Miss Virginia Rappe, Film Actress
The infamous September 1921 Roscoe "Fatty" Arbuckle
scandal (he was accused of the rape and murder of young 30 year-old
starlet Virginia Rappe in San Francisco's St. Francis Hotel during a
party) landed the popular silent comedian in jail. Charges were reduced
to manslaughter and Arbuckle went on trial (there would be three trials).

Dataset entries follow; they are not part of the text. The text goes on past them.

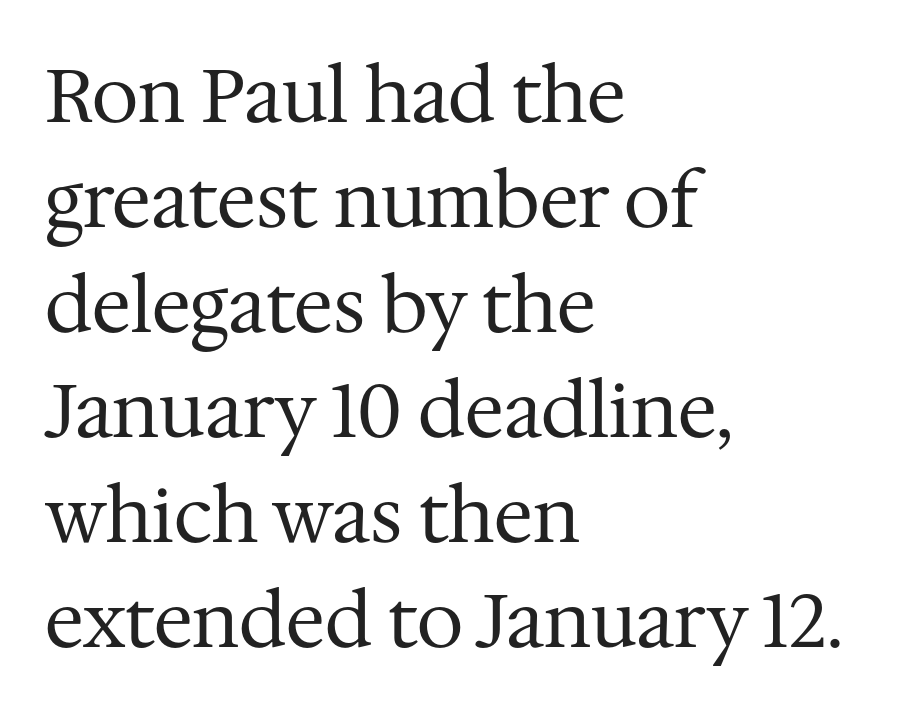
The image shows 75 px regular-weight serif type, upright; set left-aligned, normal line spacing (1.4x), normal letter spacing, not underlined; medium stroke contrast and a medium x-height.
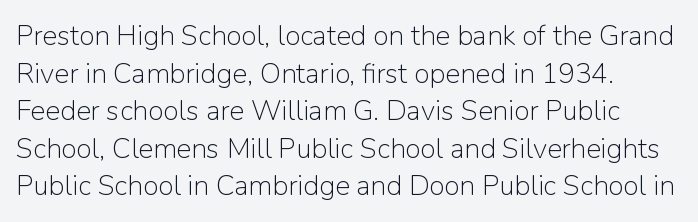
The image shows 28 px light sans-serif type, upright; set left-aligned, normal line spacing (1.34x), normal letter spacing, not underlined; low stroke contrast and a medium x-height.
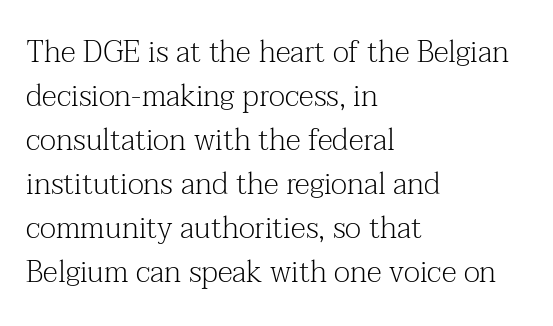
{"serif": "yes", "italic": "no", "bold": "no", "weight": "light", "width": "normal", "stroke_contrast": "medium", "x_height": "medium", "monospaced": "no", "underline": "no", "align": "left", "line_spacing": "normal", "line_spacing_ratio": 1.47, "letter_spacing": "normal", "letter_spacing_em": 0.0, "glyph_px": 30}
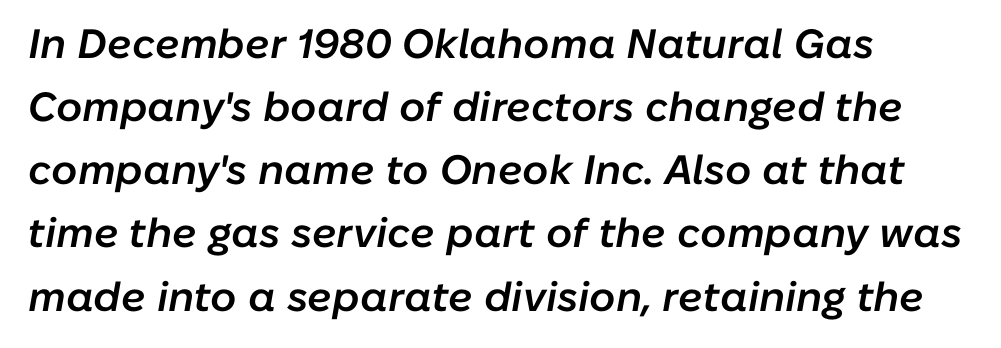
Q: Is the text bold? A: Semi-bold.
Q: Is the text italic (slanted)? A: Yes, it leans right by about 10 degrees.
Q: Is the text underlined? A: No.
Q: How is the paragraph aligned? A: Left-aligned.
Q: Is the spacing between letters normal or unusually wide? A: Normal.
Q: Is the spacing between lines tight, normal or loose? A: Normal.
Q: Width (condensed, normal, or wide)? A: Normal.
Q: Stroke contrast? A: Low.
Q: x-height? A: Medium.
Q: Monospaced? A: No.
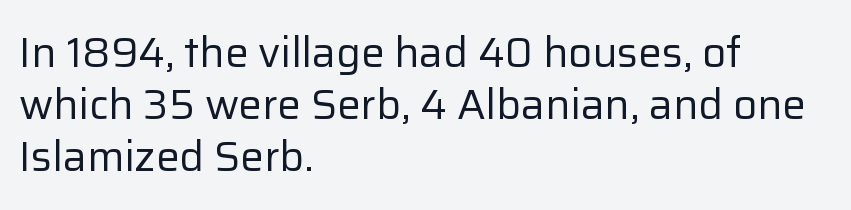
A bare baseline throughout the passage. Standard letterfit; no display-style spreading of the glyphs. Line starts are locked; line ends wander. Is this a fixed-width face? No — the glyphs have proportional, varying widths. Notice how the stems are strictly vertical — no italics here. Caption: face not bold, strokes unweighted.
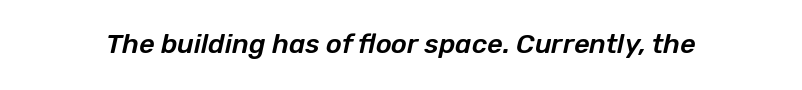
In terms of letterspacing, this is plain default setting. The glyphs are unaccompanied by any horizontal stroke below them. The text carries the slant typical of an italic or oblique font.
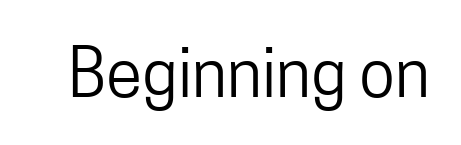
The image shows 66 px regular-weight, condensed sans-serif type, upright; set normal letter spacing, not underlined; low stroke contrast and a medium x-height.
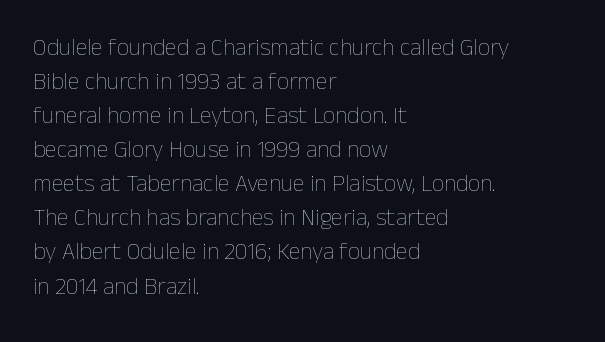
Q: Is the text bold? A: No.
Q: Is the text italic (slanted)? A: No, it is upright.
Q: Is the text underlined? A: No.
Q: How is the paragraph aligned? A: Left-aligned.
Q: Is the spacing between letters normal or unusually wide? A: Normal.
Q: Is the spacing between lines tight, normal or loose? A: Normal.

Arbuckle was eventually fully acquitted
of the eventual manslaughter charge after three trials. The
third jury - after a six-minute verdict - stated: "Acquittal
is not enough for Roscoe Arbuckle. We feel a great injustice has been
done him. We wish him success and hope that the American people will
take the judgement of twelve men and women that Roscoe Arbuckle is entirely
innocent and free from all blame." However, Arbuckle's film career
was essentially over, although he sought to make a comeback as
a director, stage performer, and film actor. |
|
Murder of William Desmond Taylor: 1922
Further scandal erupted over the murder
of 49 year-old millionaire film director William Desmond
Taylor, popular comedian Mabel Normand's lover, in February
1922 - he was shot to death in his LA apartment after spending
the early evening with Normand. The murder was never solved,
although it appeared that Charlotte Shelby was a major suspect
-- the angry "stage mother" of 19 year-old blonde
starlet Mary Miles Minter who was seeing Taylor. The situation
was further complicated by rumors that Taylor was homosexual. |
|
Already, "America's Sweetheart" star Mary Pickford's
marriage to Douglas Fairbanks on March 28, 1920, after they
both divorced spouses to marry each other, was another symbol
of the erosion of values in Hollywood. Contrary to the scandalous affair, Pickford had always played innocent young women in her films, such as Rebecca of Sunnybrook Farm (1917) (the 25 year-old star portrayed a teenager), and in the year of the divorce-remarriage (when she was 28) portrayed a 12 year-old orphan in Pollyanna (1920).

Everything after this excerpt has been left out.